Using a linear regression model, we analyzed the relationship between these three variables. We found no issue with multicollinearity between toxoplasmosis prevalence and GDP per capita (VIF = 1.325). However, there was negative spatial correlation (Pearson’s r = − 0.495, Corrected Pearson’s r F = 14.598, Corrected D.F. = 44.921, p < 0.001; Figs. 2 and 4) between these two variables.

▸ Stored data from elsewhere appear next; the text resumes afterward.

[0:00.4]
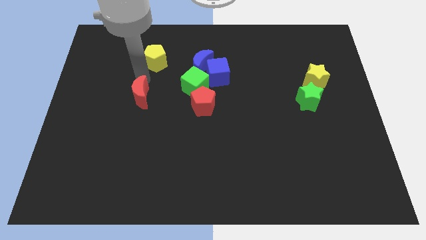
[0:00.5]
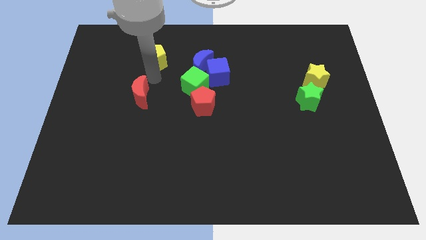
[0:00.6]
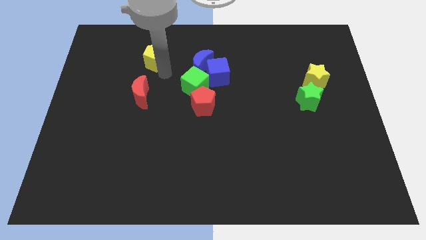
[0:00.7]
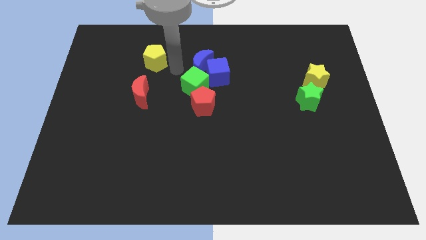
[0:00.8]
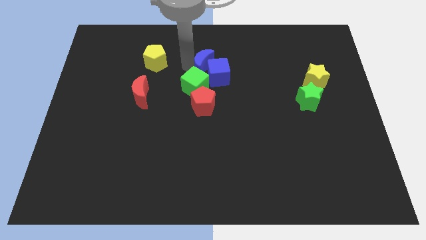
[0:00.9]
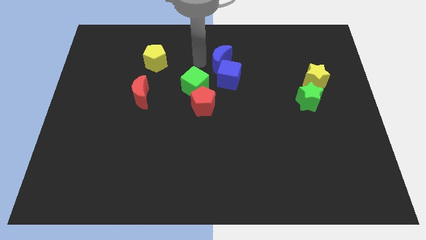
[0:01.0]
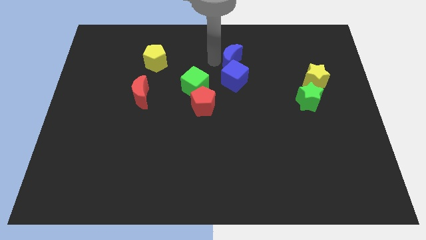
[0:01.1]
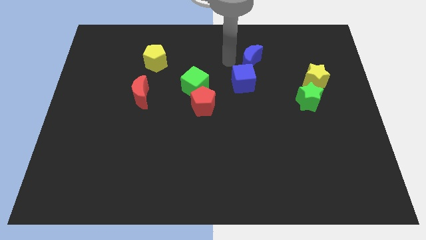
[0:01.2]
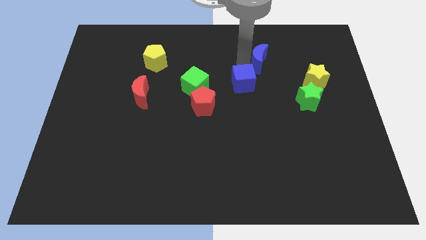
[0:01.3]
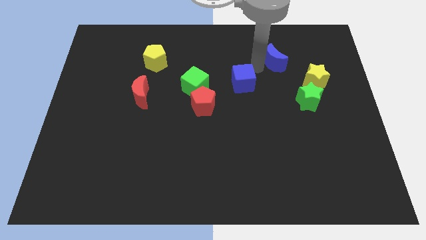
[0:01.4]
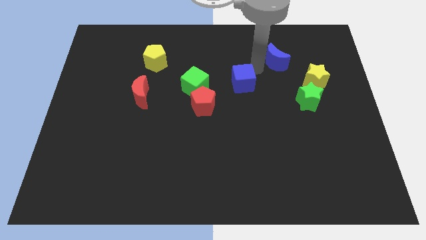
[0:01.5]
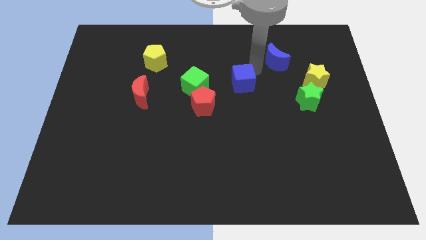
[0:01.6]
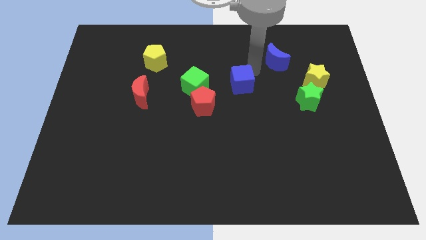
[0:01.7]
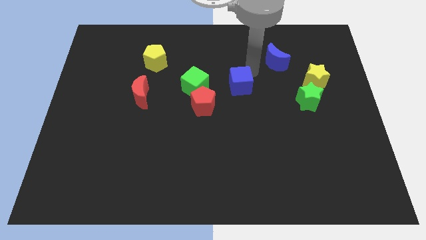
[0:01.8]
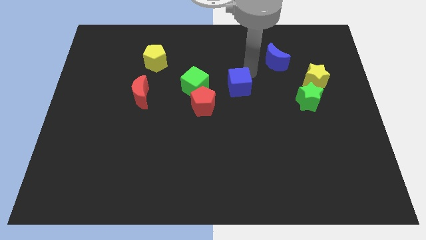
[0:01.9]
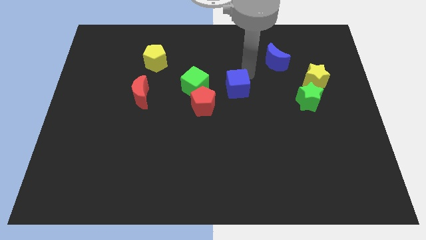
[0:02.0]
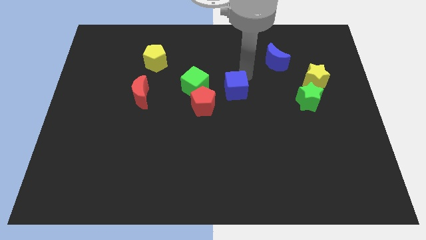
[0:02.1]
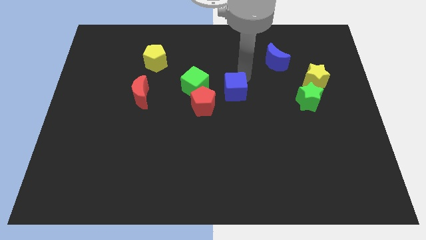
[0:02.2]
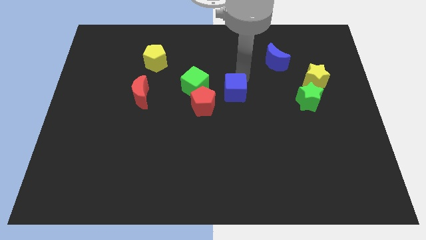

We tested all used variables for spatial autocorrelation with Moran’s local indicator (Moran’s I)29. Indices > 0 indicate that pairs of locations are more similar, those < 0 indicate pairs that are less similar than expected by random pairs of observations. Moran’s Is were computed for 11 distance classes and were showed on spatial correlograms. Analyzes of these correlograms indicate (Supplementary Information 1) significant spatial similarity of neighboring countries according to toxoplasmosis prevalence, CoVID-19 Delay and GDP per capita (Figs. 2, 3, 4). In order to account for spatial autocorrelation, we used spatial eigenvector mapping (SEVM)30. This tool allows us to select an eigenvector (spatial filters) that minimalizes Moran’s I in model residuals. Then selected filters can be used as explanatory variables in the linear model. We used partial regression analyses to quantify how much of the variation of the response variable is explained by the spatial structure versus by the environmental variables.

All analyses were computed using SAM software30. Regression graphs were plotted using ggplot2 package31 in R statistical software32. Maps were created using QGIS software (version 3.8.3-Zanzibar)33.